## PROBLEM REQUIREMENTS:
Your task is to transcribe all of the records exactly and leave out the pictures.

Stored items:
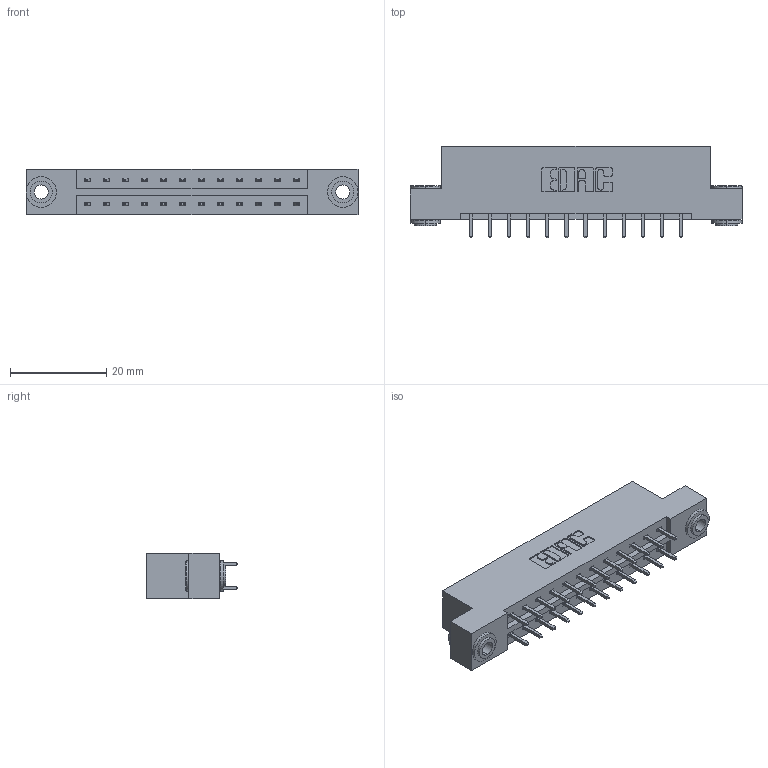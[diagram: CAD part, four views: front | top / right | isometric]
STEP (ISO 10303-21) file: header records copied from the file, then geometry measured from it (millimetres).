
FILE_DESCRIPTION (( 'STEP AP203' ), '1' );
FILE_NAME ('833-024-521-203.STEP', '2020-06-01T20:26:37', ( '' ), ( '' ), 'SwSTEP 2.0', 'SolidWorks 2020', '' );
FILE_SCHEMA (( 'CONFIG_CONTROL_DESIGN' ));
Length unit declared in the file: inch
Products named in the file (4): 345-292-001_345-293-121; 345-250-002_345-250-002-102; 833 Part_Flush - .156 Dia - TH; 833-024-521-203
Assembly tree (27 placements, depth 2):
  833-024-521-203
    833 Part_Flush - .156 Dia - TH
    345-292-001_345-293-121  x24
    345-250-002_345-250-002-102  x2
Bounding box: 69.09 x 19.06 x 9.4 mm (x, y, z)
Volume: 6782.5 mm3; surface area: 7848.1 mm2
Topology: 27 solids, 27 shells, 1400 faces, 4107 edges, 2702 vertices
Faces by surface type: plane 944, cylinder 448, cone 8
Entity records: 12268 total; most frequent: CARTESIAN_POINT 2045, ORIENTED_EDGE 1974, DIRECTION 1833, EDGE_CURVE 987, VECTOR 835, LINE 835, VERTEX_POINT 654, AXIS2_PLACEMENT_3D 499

## THE ANSWER:
[diagram: CAD part, four views: front | top / right | isometric]
STEP (ISO 10303-21) file: header records copied from the file, then geometry measured from it (millimetres).
FILE_DESCRIPTION (( 'STEP AP203' ), '1' );
FILE_NAME ('833-024-521-203.STEP', '2020-06-01T20:26:37', ( '' ), ( '' ), 'SwSTEP 2.0', 'SolidWorks 2020', '' );
FILE_SCHEMA (( 'CONFIG_CONTROL_DESIGN' ));
Length unit declared in the file: inch
Products named in the file (4): 345-292-001_345-293-121; 345-250-002_345-250-002-102; 833 Part_Flush - .156 Dia - TH; 833-024-521-203
Assembly tree (27 placements, depth 2):
  833-024-521-203
    833 Part_Flush - .156 Dia - TH
    345-292-001_345-293-121  x24
    345-250-002_345-250-002-102  x2
Bounding box: 69.09 x 19.06 x 9.4 mm (x, y, z)
Volume: 6782.5 mm3; surface area: 7848.1 mm2
Topology: 27 solids, 27 shells, 1400 faces, 4107 edges, 2702 vertices
Faces by surface type: plane 944, cylinder 448, cone 8
Entity records: 12268 total; most frequent: CARTESIAN_POINT 2045, ORIENTED_EDGE 1974, DIRECTION 1833, EDGE_CURVE 987, VECTOR 835, LINE 835, VERTEX_POINT 654, AXIS2_PLACEMENT_3D 499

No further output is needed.